128 MiB has been used by x86-64 since the very beginning. arm64 with 4k
base pages switched to 128 MiB as well: it's just big enough on these
architectures to allows for using a huge page (2 MiB) in the vmemmap in
sane setups with sizeof(struct page) == 64 bytes and a huge page mapping
in the direct mapping, while still allowing for small hot(un)plug
granularity.

For s390, we could even switch to a 64 MiB section size, as our huge page
size is 1 MiB: but the smaller the section size, the more sections we'll
have to manage especially on bigger machines. Making it consistent with
x86-64 and arm64 feels like the right thing for now.

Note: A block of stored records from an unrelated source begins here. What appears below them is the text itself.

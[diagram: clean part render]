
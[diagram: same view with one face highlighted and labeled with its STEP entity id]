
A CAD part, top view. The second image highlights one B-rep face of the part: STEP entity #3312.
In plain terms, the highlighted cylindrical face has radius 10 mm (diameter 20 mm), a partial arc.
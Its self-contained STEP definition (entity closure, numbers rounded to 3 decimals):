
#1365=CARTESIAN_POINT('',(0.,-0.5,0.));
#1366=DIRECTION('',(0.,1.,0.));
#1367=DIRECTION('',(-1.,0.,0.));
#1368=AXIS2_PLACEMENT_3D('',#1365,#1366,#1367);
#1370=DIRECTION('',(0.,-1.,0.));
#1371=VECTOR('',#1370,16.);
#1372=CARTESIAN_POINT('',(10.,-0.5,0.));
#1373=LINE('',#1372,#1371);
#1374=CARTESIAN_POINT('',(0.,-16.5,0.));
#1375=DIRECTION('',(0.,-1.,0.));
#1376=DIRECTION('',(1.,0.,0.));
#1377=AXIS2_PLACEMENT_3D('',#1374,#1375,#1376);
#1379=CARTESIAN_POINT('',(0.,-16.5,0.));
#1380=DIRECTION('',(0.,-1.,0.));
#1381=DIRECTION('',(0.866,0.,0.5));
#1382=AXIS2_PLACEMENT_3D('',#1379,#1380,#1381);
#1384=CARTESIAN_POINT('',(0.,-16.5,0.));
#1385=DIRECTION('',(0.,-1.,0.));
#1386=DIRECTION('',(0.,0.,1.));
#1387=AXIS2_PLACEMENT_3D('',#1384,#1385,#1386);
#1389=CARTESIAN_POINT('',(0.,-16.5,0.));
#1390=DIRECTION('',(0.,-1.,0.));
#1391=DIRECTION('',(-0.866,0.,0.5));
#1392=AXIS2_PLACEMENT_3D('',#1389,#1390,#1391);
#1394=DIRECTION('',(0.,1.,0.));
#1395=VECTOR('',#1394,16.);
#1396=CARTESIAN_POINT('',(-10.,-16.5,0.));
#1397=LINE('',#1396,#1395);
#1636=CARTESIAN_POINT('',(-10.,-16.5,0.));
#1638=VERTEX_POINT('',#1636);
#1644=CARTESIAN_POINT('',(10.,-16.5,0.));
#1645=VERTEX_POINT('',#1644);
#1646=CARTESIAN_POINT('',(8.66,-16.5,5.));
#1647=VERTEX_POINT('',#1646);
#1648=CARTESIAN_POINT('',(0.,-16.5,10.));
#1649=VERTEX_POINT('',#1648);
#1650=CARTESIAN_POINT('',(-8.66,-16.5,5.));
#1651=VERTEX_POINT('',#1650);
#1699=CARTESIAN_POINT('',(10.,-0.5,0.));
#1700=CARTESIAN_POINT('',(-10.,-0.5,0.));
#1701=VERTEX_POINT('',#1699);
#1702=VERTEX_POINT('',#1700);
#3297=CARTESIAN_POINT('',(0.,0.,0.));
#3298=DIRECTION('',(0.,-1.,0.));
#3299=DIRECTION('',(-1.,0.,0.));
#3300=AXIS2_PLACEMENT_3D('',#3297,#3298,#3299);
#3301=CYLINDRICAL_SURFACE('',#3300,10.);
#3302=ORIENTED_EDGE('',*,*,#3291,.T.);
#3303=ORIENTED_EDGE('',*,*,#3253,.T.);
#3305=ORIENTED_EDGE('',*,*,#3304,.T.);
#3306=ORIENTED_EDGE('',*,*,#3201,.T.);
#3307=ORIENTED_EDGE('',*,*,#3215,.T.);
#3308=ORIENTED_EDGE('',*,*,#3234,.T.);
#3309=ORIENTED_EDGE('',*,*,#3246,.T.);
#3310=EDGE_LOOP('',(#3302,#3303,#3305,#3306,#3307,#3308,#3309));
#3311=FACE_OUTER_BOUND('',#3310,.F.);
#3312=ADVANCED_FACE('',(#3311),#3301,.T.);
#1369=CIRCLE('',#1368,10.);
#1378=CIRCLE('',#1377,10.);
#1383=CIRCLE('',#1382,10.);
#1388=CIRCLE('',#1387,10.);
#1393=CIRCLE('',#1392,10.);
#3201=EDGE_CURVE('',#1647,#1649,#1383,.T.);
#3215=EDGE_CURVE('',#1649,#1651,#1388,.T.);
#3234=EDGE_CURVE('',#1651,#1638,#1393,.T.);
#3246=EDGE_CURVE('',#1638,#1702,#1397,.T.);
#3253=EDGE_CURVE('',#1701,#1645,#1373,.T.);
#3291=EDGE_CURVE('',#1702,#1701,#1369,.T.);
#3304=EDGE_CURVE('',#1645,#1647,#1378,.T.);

Note that the smallest memory hot(un)plug granularity is also limited by
the memory block size, determined by extracting the memory increment
size from SCLP. Under QEMU/KVM, implementing virtio-mem, we expose 0;
therefore, we'll end up with a memory block size of 128 MiB with a
128 MiB section size.

Tested-by: Mario Casquero <mcasquer@redhat.com>
Acked-by: Heiko Carstens <hca@linux.ibm.com>
Signed-off-by: David Hildenbrand <david@redhat.com>
Tested-by: Sumanth Korikkar <sumanthk@linux.ibm.com>
Acked-by: Christian Borntraeger <borntraeger@linux.ibm.com>
Link: https://lore.kernel.org/r/20241025141453.1210600-7-david@redhat.com
Signed-off-by: Heiko Carstens <hca@linux.ibm.com>

lib/Kconfig.debug: Default STRICT_DEVMEM to "y" on s390

virtio-mem currently depends on !DEVMEM | STRICT_DEVMEM. Let's default
STRICT_DEVMEM to "y" just like we do for arm64 and x86.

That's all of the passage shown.